Exercise: Although the material holds pictures, none belong in the copy; transcribe exactly, and only, the lines from the one with "Weather: Clear" through the end.

Entries provided:
-=-=-

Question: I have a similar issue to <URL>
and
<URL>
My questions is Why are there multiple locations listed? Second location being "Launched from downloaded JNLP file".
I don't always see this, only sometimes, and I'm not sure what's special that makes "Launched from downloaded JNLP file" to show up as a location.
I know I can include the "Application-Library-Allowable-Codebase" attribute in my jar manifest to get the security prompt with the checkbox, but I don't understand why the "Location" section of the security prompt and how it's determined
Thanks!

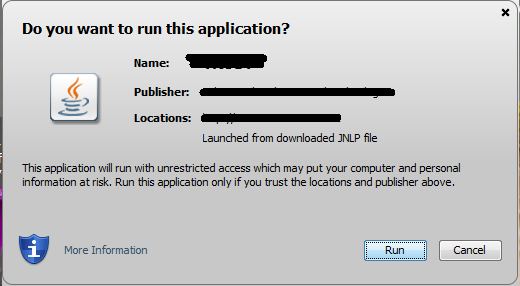
Answer: I think the reason for that is because your jnlp probably includes a link to another jnlp. Am I right?
So the prompt that says "Launched from downloaded JNLP file" means the above location does not belong to the jar resources of the jnlp file that the user clicked, but it belongs to some jar resources of a 2nd jnlp that the original jnlp points to and was dynamically downloaded.
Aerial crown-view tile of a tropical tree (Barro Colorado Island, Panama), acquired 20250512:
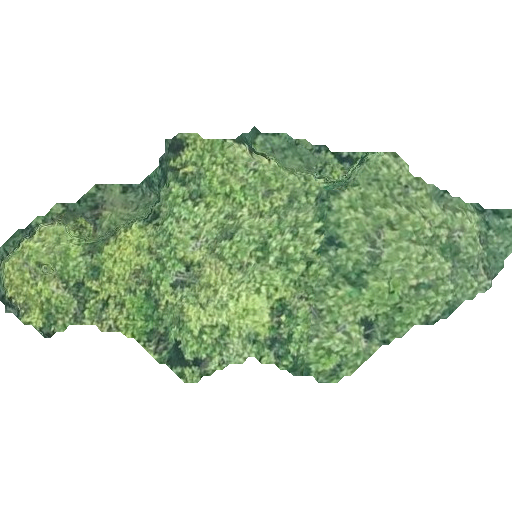
Species: Anacardium excelsum
GBIF accepted scientific name: Anacardium excelsum
Crown area: 127.965 m²
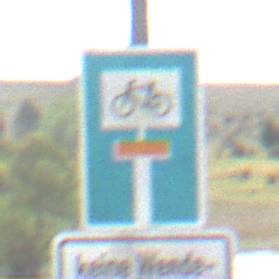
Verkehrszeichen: SackgasseRadverkehrDurchlaessig
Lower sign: HinweisGeaenderteVorfahrtVerkehrsfuehrungVerkehrsregelung3
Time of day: Midday
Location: Outdoor (Nature)
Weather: PartlyCloudy
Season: NotSpecified
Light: Natural
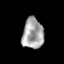
Tissue: prostate
Cell type: T cells
Senescence score: 0.266
Nuclear area (px): 637
Mean DAPI intensity: 165.526
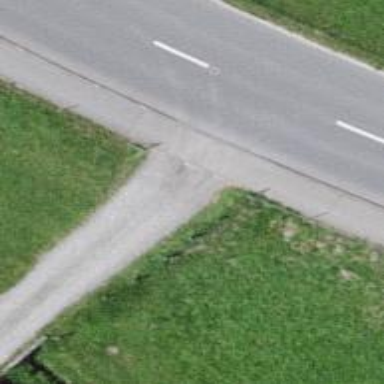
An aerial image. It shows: Compacted track road with grade3 tracktype.
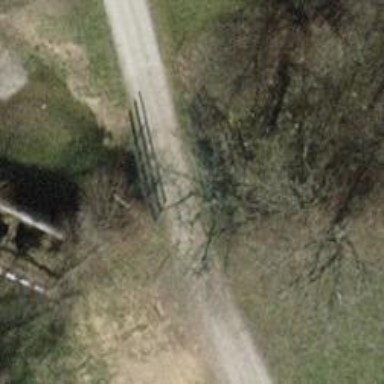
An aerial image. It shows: Compacted agricultural track with bridge. The track is suitable for agricultural vehicles.
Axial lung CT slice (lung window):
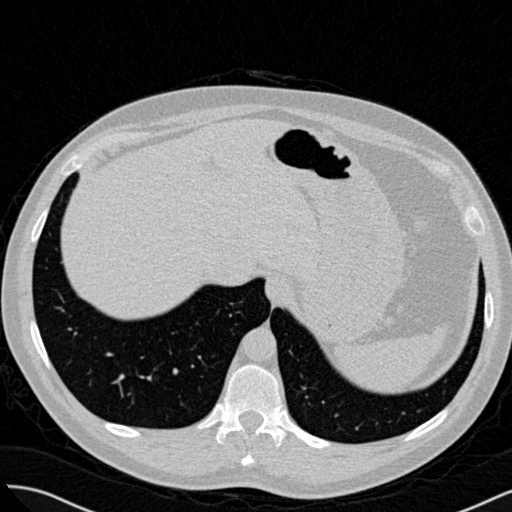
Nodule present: no
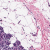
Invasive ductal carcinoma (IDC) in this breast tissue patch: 0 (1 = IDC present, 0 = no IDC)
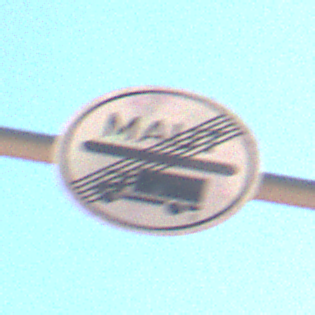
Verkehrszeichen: EndeMautpflicht
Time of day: MorningAfternoon
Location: Outdoor (Nature)
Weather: Clear
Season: Summer
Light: Natural
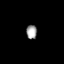
Tissue: lung
Cell type: Epithelial cells
Senescence score: 0.1925
Nuclear area (px): 144
Mean DAPI intensity: 162.91
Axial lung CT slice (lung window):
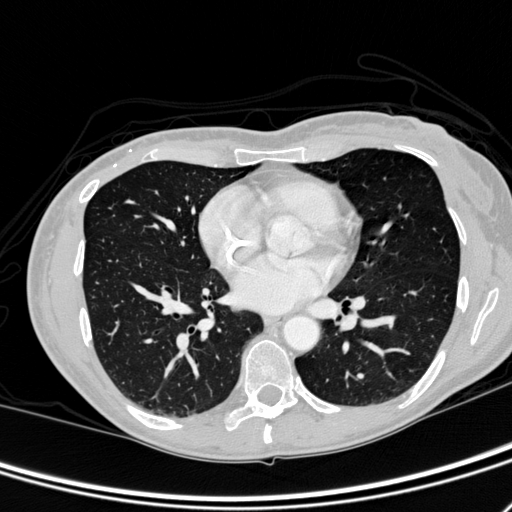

-=-=-

Result:
Weather: Clear
Season: Summer
Light: Natural
Tissue: lung
Cell type: Epithelial cells
Senescence score: 0.1925
Nuclear area (px): 144
Mean DAPI intensity: 162.91
Axial lung CT slice (lung window):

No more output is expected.